According to the U.S. GDP report, the economy contracted 6.4% in the first quarter of 2009, but only declined 1% last quarter. That’s progress, and (as much as such things make sense) it arguably justifies the S&P 500′s 46% advance since Mar. 9.
But what now? GMO’s Jeremy Grantham describes the dilemma facing investors in his quarterly letter. One thing I admire about Grantham is his honesty: He admits when he really doesn’t know what’s going to happen next. As a value investor, Grantham has definite opinions about what the stock market should be worth, but he’s aware the market usually acts irrationally.

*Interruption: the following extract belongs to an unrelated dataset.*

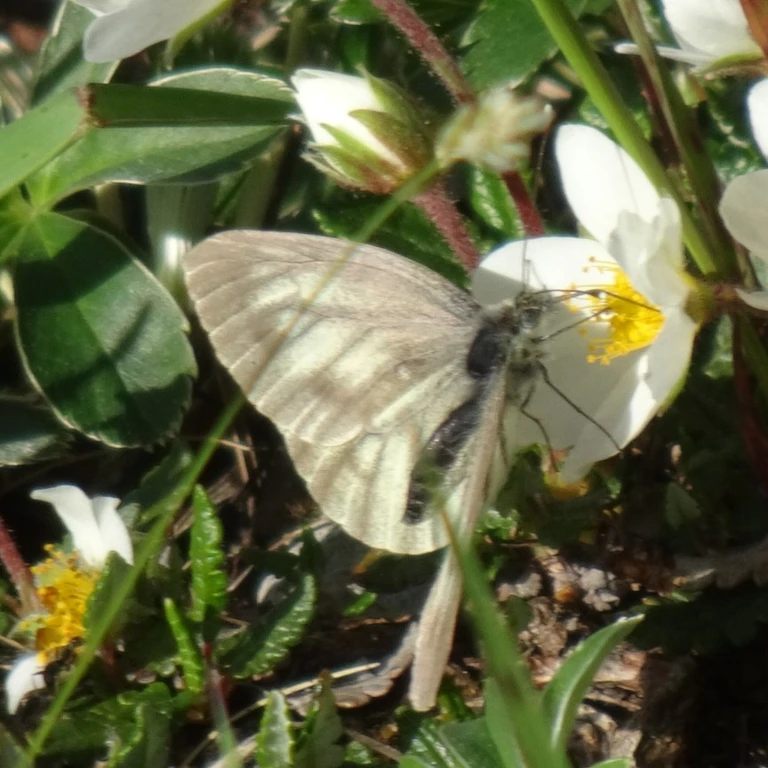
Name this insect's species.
Pieris bryoniae

So the problem right now for Grantham is that, for one brief moment, stocks seem to be fairly priced:
A year ago, equities globally — and everything else for that matter — were very overpriced, particularly if they were risky. A quarter ago, in mid-March, prices everywhere were cheap. Now they have all — or almost all — converged for a few unusual moments at fair value.
Grantham, who thrives on exploiting the market’s irrationalities, is finding fewer opportunities in such a rational environment. “When markets sell at normal prices, life for us becomes much harder, perhaps 10 times harder,” he writes.
One of the only things he can do is wait:
Just be patient. In our strange markets, you usually don’t have to wait too long for something really bizarre to show up.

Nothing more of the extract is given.